======== Records supplied

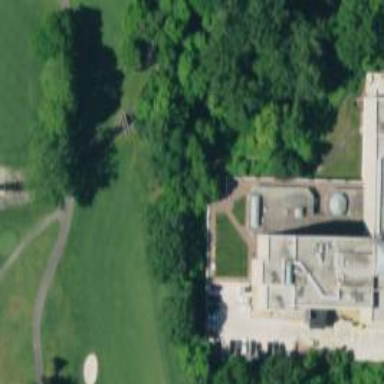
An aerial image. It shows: Path bridge on golf course.
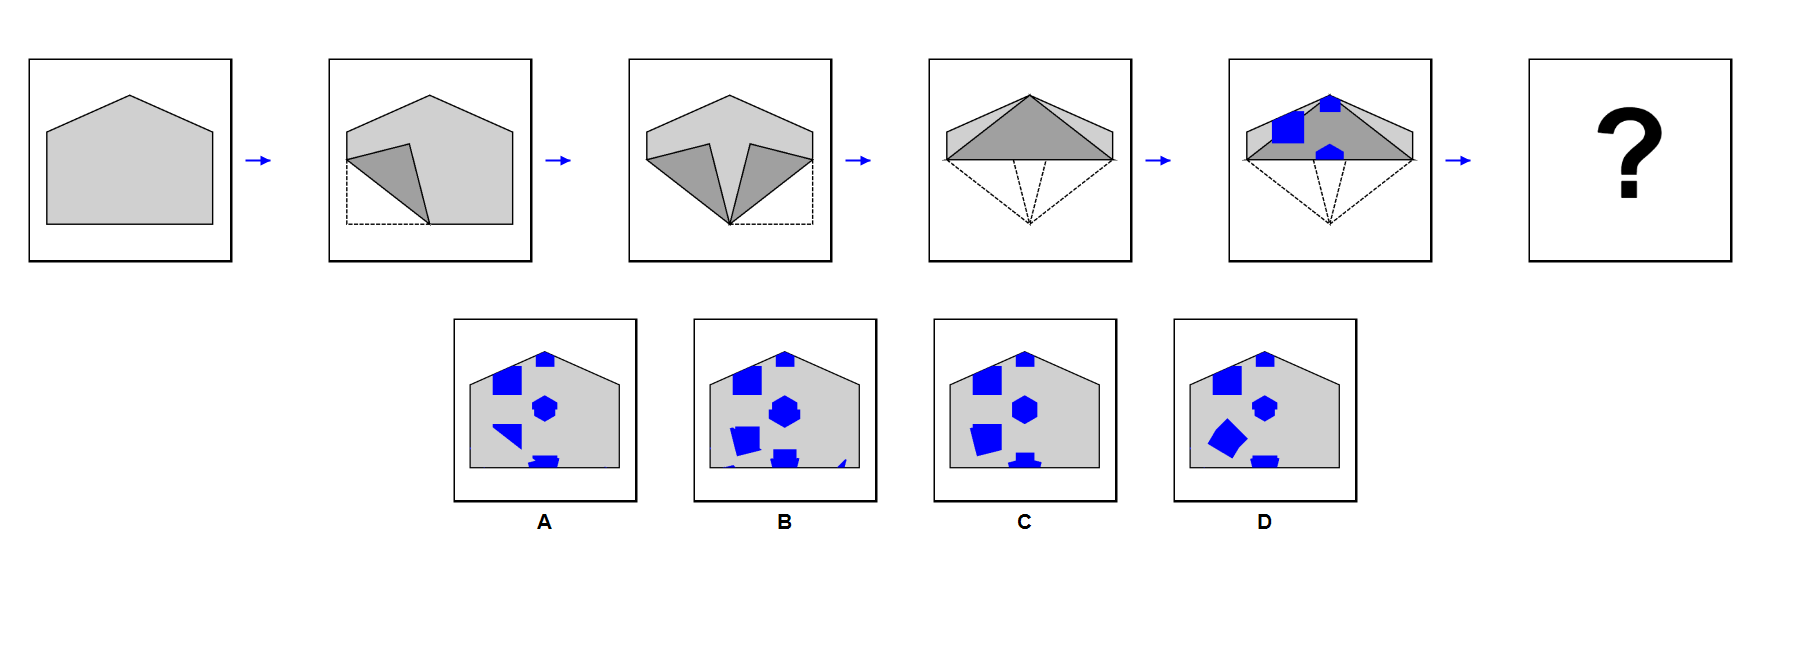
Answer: C
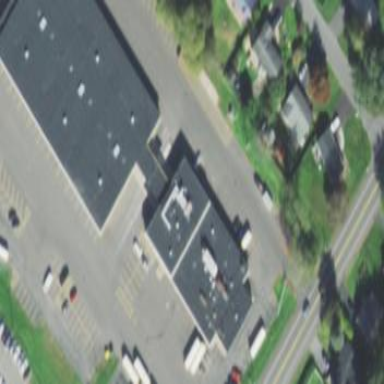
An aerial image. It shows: Transportation building.
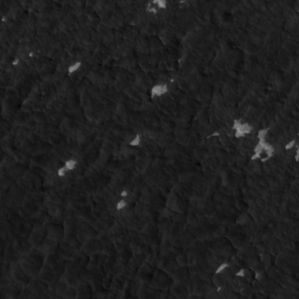
Label: non_frost
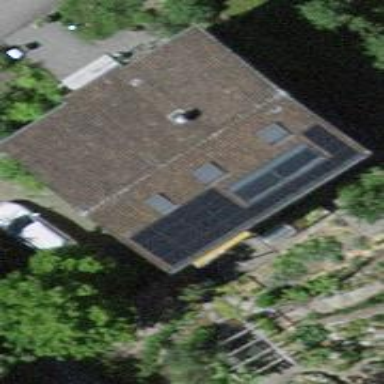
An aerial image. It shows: Solar power generator using photovoltaic method with solar photovoltaic panel types.
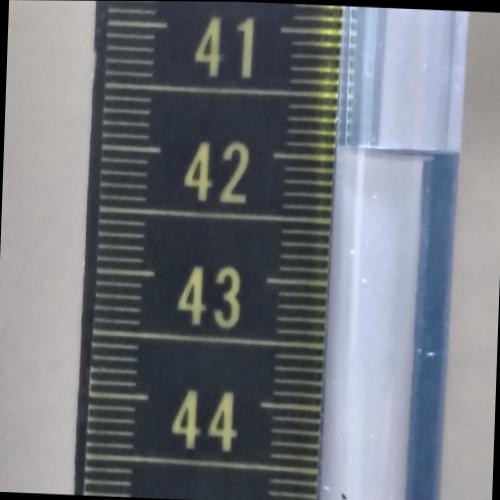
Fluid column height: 41.9 cm
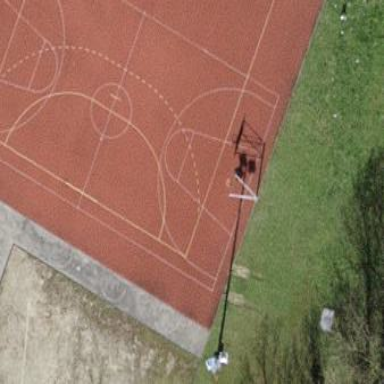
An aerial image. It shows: Tartan basketball court situated on pitch designated for leisure land.
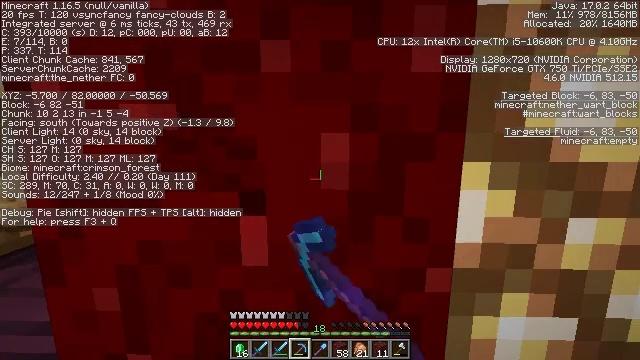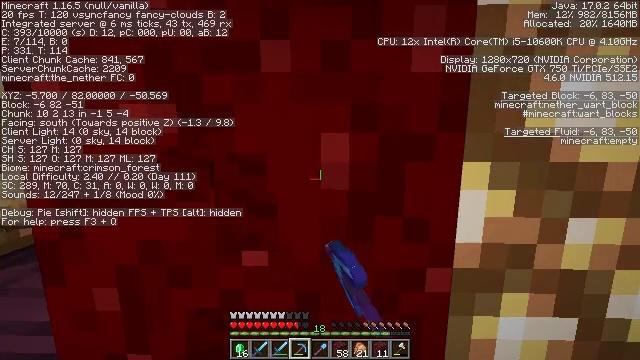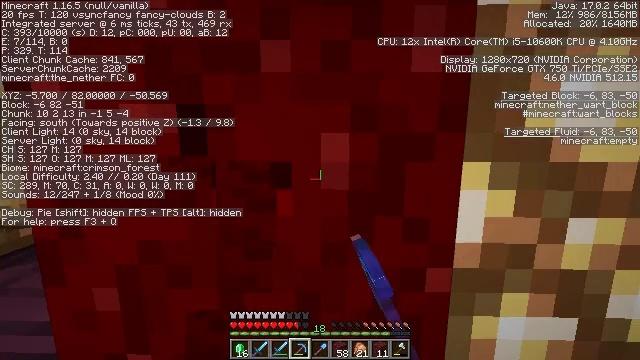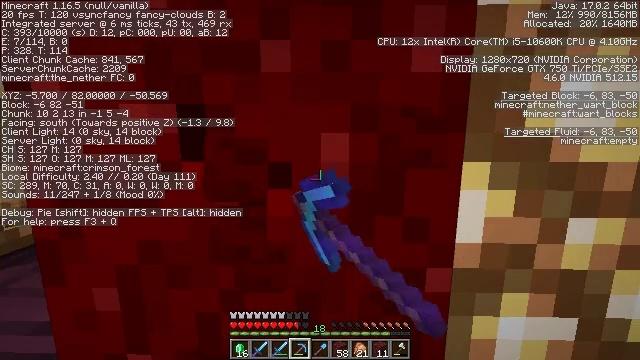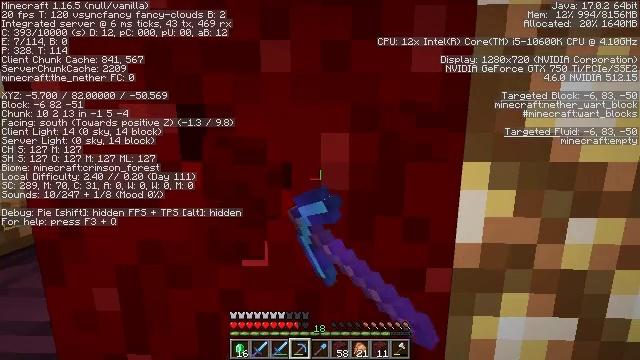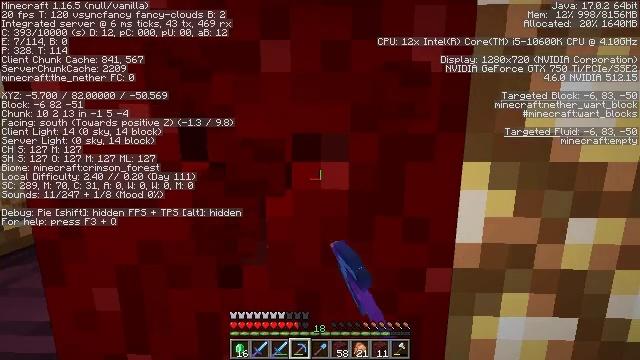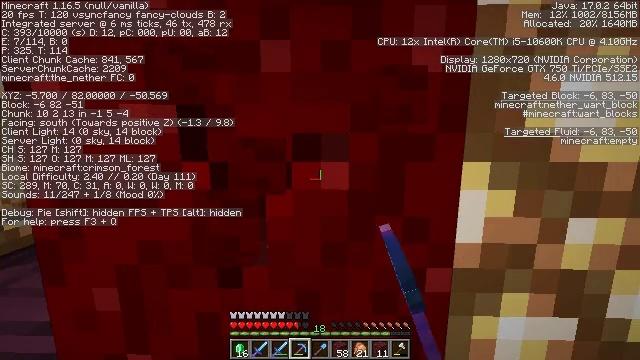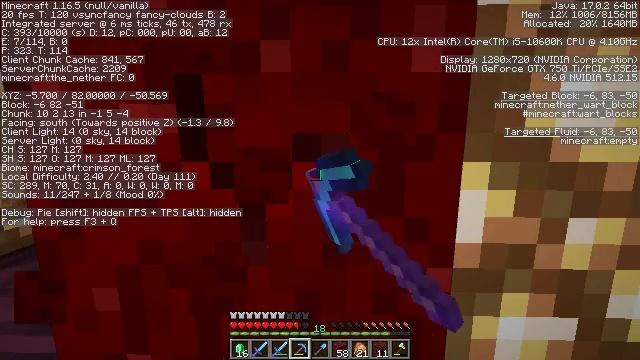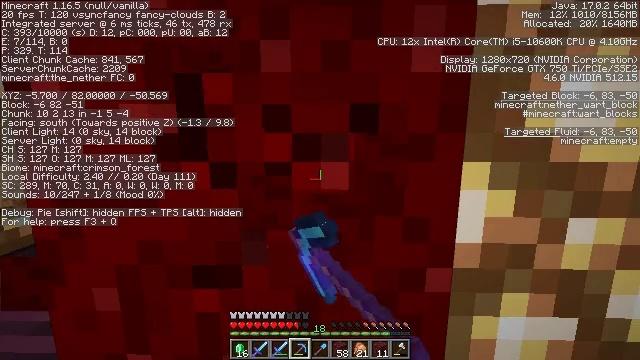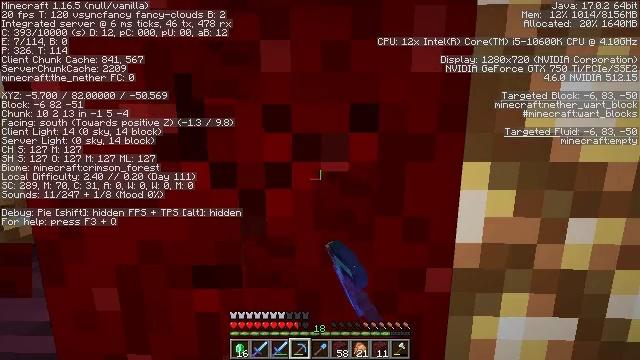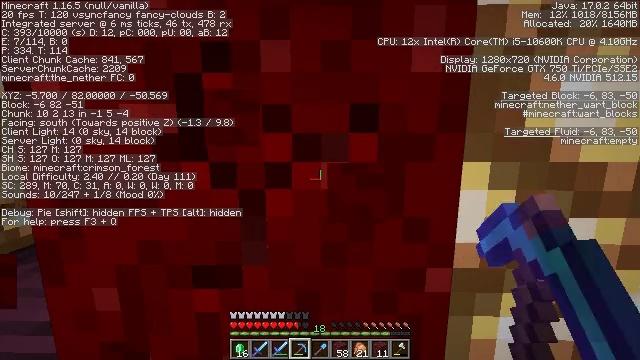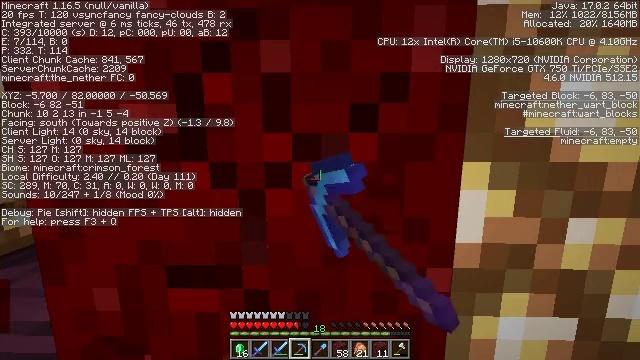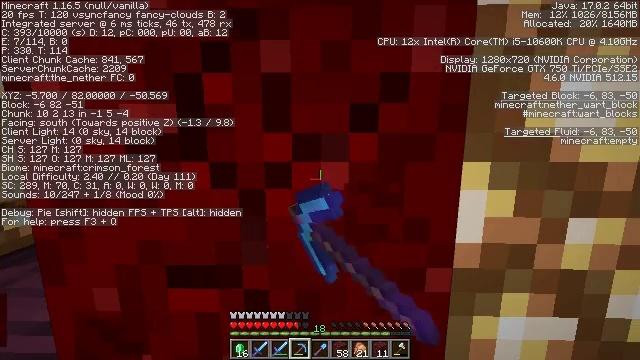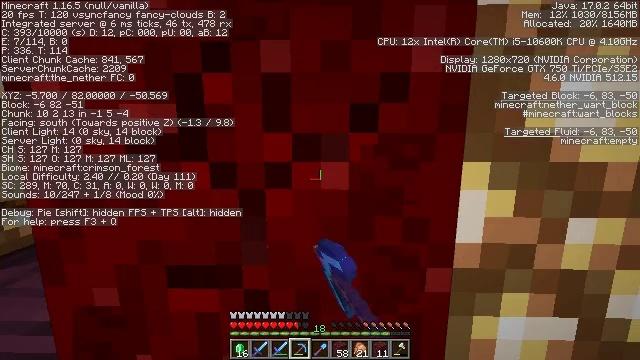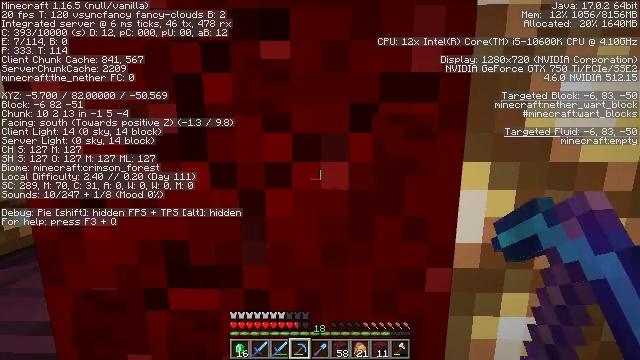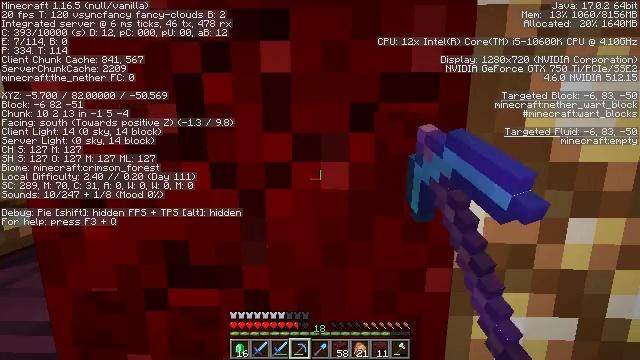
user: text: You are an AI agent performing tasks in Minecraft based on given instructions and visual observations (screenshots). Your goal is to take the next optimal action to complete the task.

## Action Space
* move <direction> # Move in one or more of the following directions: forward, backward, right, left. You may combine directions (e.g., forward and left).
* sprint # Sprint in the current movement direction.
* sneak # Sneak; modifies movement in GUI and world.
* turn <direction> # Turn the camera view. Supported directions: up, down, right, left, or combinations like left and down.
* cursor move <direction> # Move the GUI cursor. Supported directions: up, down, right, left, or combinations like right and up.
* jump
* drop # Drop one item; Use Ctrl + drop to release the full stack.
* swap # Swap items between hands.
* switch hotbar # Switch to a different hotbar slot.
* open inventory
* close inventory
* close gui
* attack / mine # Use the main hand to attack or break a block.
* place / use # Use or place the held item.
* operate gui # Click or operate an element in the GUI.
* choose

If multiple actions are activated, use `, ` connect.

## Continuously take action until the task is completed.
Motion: motion action
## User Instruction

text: Break the nether wart block with a tool.
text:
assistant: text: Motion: attack / mine
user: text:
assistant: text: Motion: attack / mine
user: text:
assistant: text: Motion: attack / mine
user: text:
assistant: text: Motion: attack / mine
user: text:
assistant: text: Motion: attack / mine
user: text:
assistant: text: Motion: attack / mine
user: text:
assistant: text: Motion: attack / mine
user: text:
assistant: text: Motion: attack / mine
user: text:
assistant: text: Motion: attack / mine
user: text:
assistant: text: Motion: attack / mine
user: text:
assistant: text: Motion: attack / mine
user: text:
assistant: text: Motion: attack / mine
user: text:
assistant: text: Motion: attack / mine
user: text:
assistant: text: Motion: attack / mine
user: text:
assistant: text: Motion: attack / mine
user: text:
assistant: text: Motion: attack / mine
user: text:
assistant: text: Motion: attack / mine
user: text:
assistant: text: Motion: attack / mine
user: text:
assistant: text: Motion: attack / mine
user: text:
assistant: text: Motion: attack / mine
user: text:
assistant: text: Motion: attack / mine
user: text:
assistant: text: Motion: attack / mine
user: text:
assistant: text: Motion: attack / mine
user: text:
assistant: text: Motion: attack / mine
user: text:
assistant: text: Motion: attack / mine
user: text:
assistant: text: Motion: attack / mine
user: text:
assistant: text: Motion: attack / mine
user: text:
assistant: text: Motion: attack / mine
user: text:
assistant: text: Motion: attack / mine
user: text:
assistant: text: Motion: attack / mine
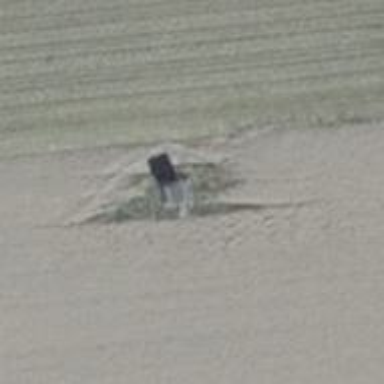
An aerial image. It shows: Hunting stand.
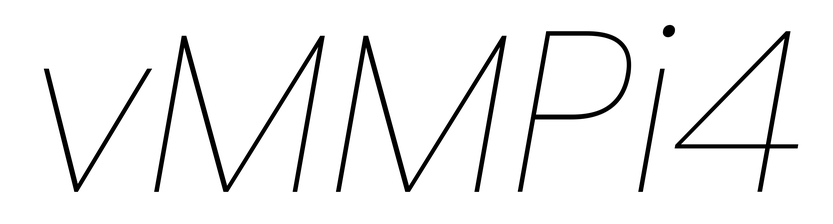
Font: Poppins-ThinItalic
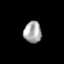
Tissue: lung
Cell type: Epithelial cells
Senescence score: 0.1695
Nuclear area (px): 377
Mean DAPI intensity: 166.223
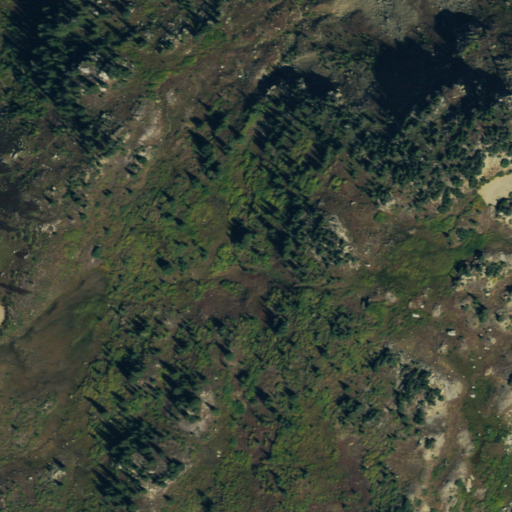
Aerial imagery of gap in Colorado named South Fork Pass containing shrub, evergreen forest, and woody wetlands

================

Exercise prompt
Your copy must reproduce the entries above in full, without their pictures.

Exercise result
An aerial image. It shows: Path bridge on golf course.
Answer: C
An aerial image. It shows: Transportation building.
Label: non_frost
An aerial image. It shows: Solar power generator using photovoltaic method with solar photovoltaic panel types.
Fluid column height: 41.9 cm
An aerial image. It shows: Tartan basketball court situated on pitch designated for leisure land.
user: text: You are an AI agent performing tasks in Minecraft based on given instructions and visual observations (screenshots). Your goal is to take the next optimal action to complete the task.

## Action Space
* move <direction> # Move in one or more of the following directions: forward, backward, right, left. You may combine directions (e.g., forward and left).
* sprint # Sprint in the current movement direction.
* sneak # Sneak; modifies movement in GUI and world.
* turn <direction> # Turn the camera view. Supported directions: up, down, right, left, or combinations like left and down.
* cursor move <direction> # Move the GUI cursor. Supported directions: up, down, right, left, or combinations like right and up.
* jump
* drop # Drop one item; Use Ctrl + drop to release the full stack.
* swap # Swap items between hands.
* switch hotbar # Switch to a different hotbar slot.
* open inventory
* close inventory
* close gui
* attack / mine # Use the main hand to attack or break a block.
* place / use # Use or place the held item.
* operate gui # Click or operate an element in the GUI.
* choose

If multiple actions are activated, use `, ` connect.

## Continuously take action until the task is completed.
Motion: motion action
## User Instruction

text: Break the nether wart block with a tool.
text:
assistant: text: Motion: attack / mine
user: text:
assistant: text: Motion: attack / mine
user: text:
assistant: text: Motion: attack / mine
user: text:
assistant: text: Motion: attack / mine
user: text:
assistant: text: Motion: attack / mine
user: text:
assistant: text: Motion: attack / mine
user: text:
assistant: text: Motion: attack / mine
user: text:
assistant: text: Motion: attack / mine
user: text:
assistant: text: Motion: attack / mine
user: text:
assistant: text: Motion: attack / mine
user: text:
assistant: text: Motion: attack / mine
user: text:
assistant: text: Motion: attack / mine
user: text:
assistant: text: Motion: attack / mine
user: text:
assistant: text: Motion: attack / mine
user: text:
assistant: text: Motion: attack / mine
user: text:
assistant: text: Motion: attack / mine
user: text:
assistant: text: Motion: attack / mine
user: text:
assistant: text: Motion: attack / mine
user: text:
assistant: text: Motion: attack / mine
user: text:
assistant: text: Motion: attack / mine
user: text:
assistant: text: Motion: attack / mine
user: text:
assistant: text: Motion: attack / mine
user: text:
assistant: text: Motion: attack / mine
user: text:
assistant: text: Motion: attack / mine
user: text:
assistant: text: Motion: attack / mine
user: text:
assistant: text: Motion: attack / mine
user: text:
assistant: text: Motion: attack / mine
user: text:
assistant: text: Motion: attack / mine
user: text:
assistant: text: Motion: attack / mine
user: text:
assistant: text: Motion: attack / mine
An aerial image. It shows: Hunting stand.
Font: Poppins-ThinItalic
Tissue: lung
Cell type: Epithelial cells
Senescence score: 0.1695
Nuclear area (px): 377
Mean DAPI intensity: 166.223
Aerial imagery of gap in Colorado named South Fork Pass containing shrub, evergreen forest, and woody wetlands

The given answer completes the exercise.